##### Exercise material #####

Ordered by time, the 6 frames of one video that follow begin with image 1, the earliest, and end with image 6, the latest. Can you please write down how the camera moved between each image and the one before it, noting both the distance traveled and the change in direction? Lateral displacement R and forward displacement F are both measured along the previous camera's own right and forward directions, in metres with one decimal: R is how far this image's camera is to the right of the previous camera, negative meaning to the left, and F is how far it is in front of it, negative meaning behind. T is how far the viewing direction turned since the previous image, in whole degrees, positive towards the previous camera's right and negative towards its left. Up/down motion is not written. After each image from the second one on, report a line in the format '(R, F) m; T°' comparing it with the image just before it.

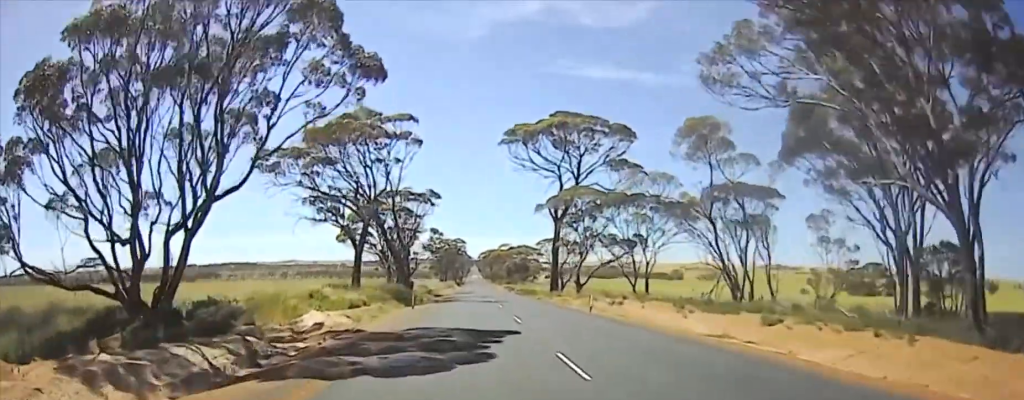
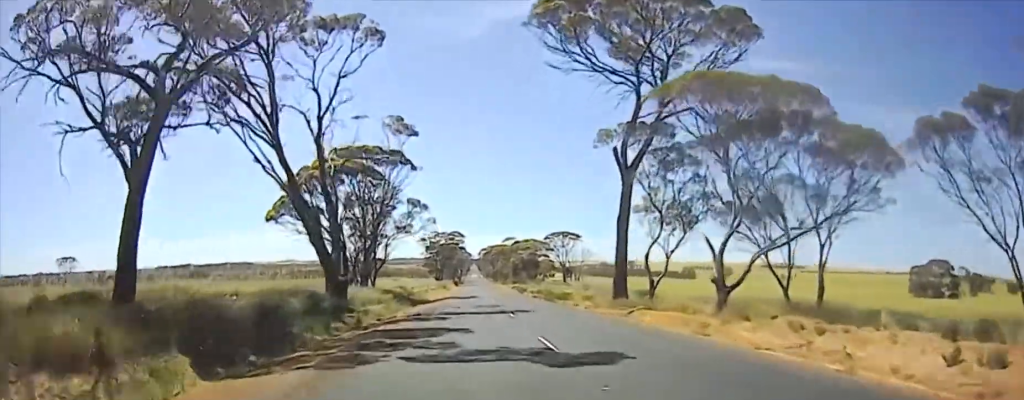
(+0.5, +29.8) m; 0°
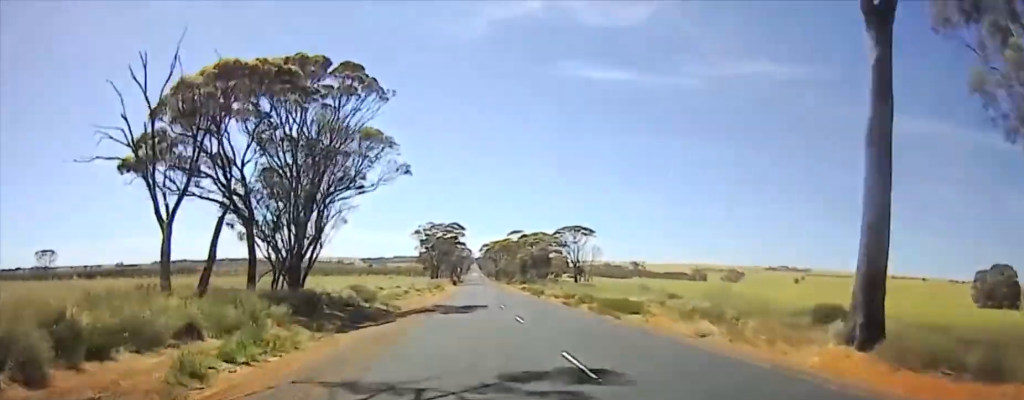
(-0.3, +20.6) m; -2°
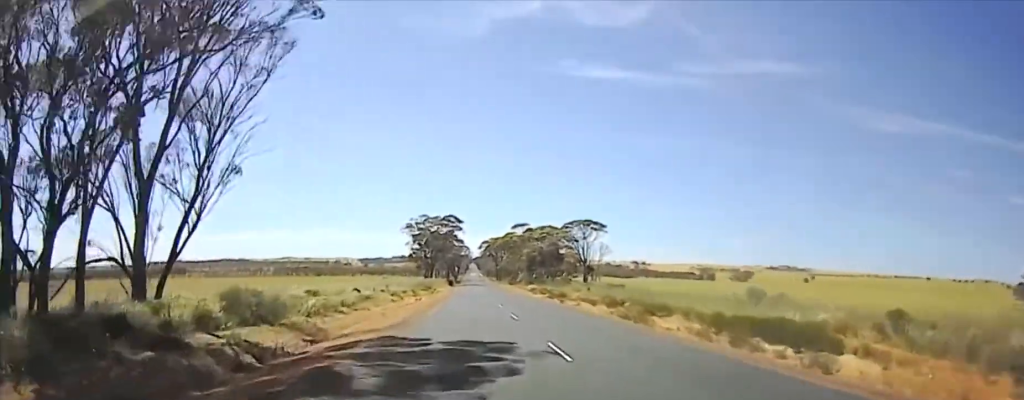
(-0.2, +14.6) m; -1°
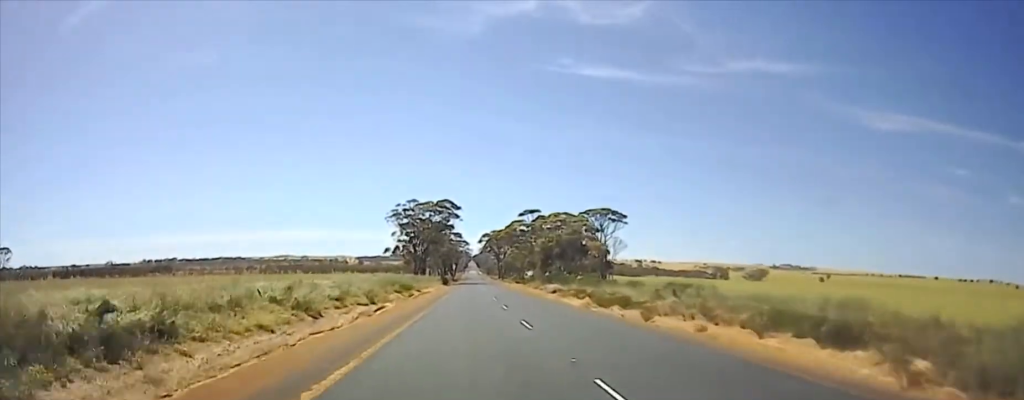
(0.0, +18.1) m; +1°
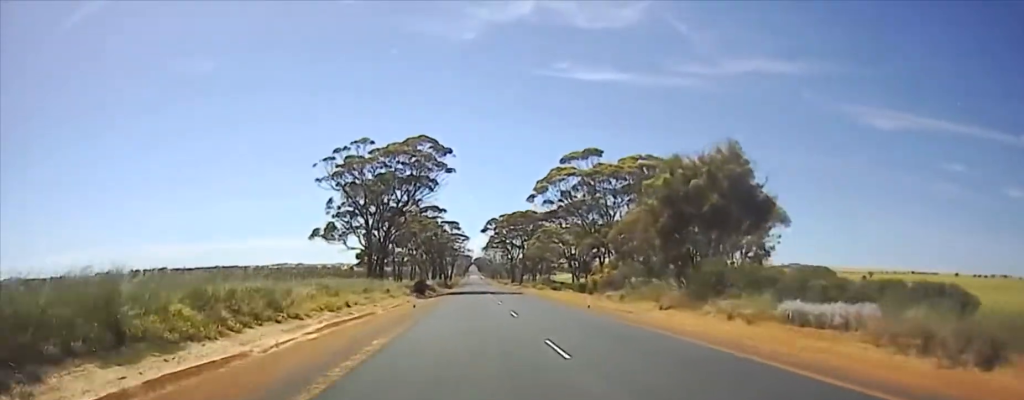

#####

■ **Work order**
Copy out all the data exactly. No images belong in the copy.

■ **Worked solution**
Ordered by time, the 6 frames of one video that follow begin with image 1, the earliest, and end with image 6, the latest. Can you please write down how the camera moved between each image and the one before it, noting both the distance traveled and the change in direction? Lateral displacement R and forward displacement F are both measured along the previous camera's own right and forward directions, in metres with one decimal: R is how far this image's camera is to the right of the previous camera, negative meaning to the left, and F is how far it is in front of it, negative meaning behind. T is how far the viewing direction turned since the previous image, in whole degrees, positive towards the previous camera's right and negative towards its left. Up/down motion is not written. After each image from the second one on, report a line in the format '(R, F) m; T°' comparing it with the image just before it.

(+0.5, +29.8) m; 0°
(-0.3, +20.6) m; -2°
(-0.2, +14.6) m; -1°
(0.0, +18.1) m; +1°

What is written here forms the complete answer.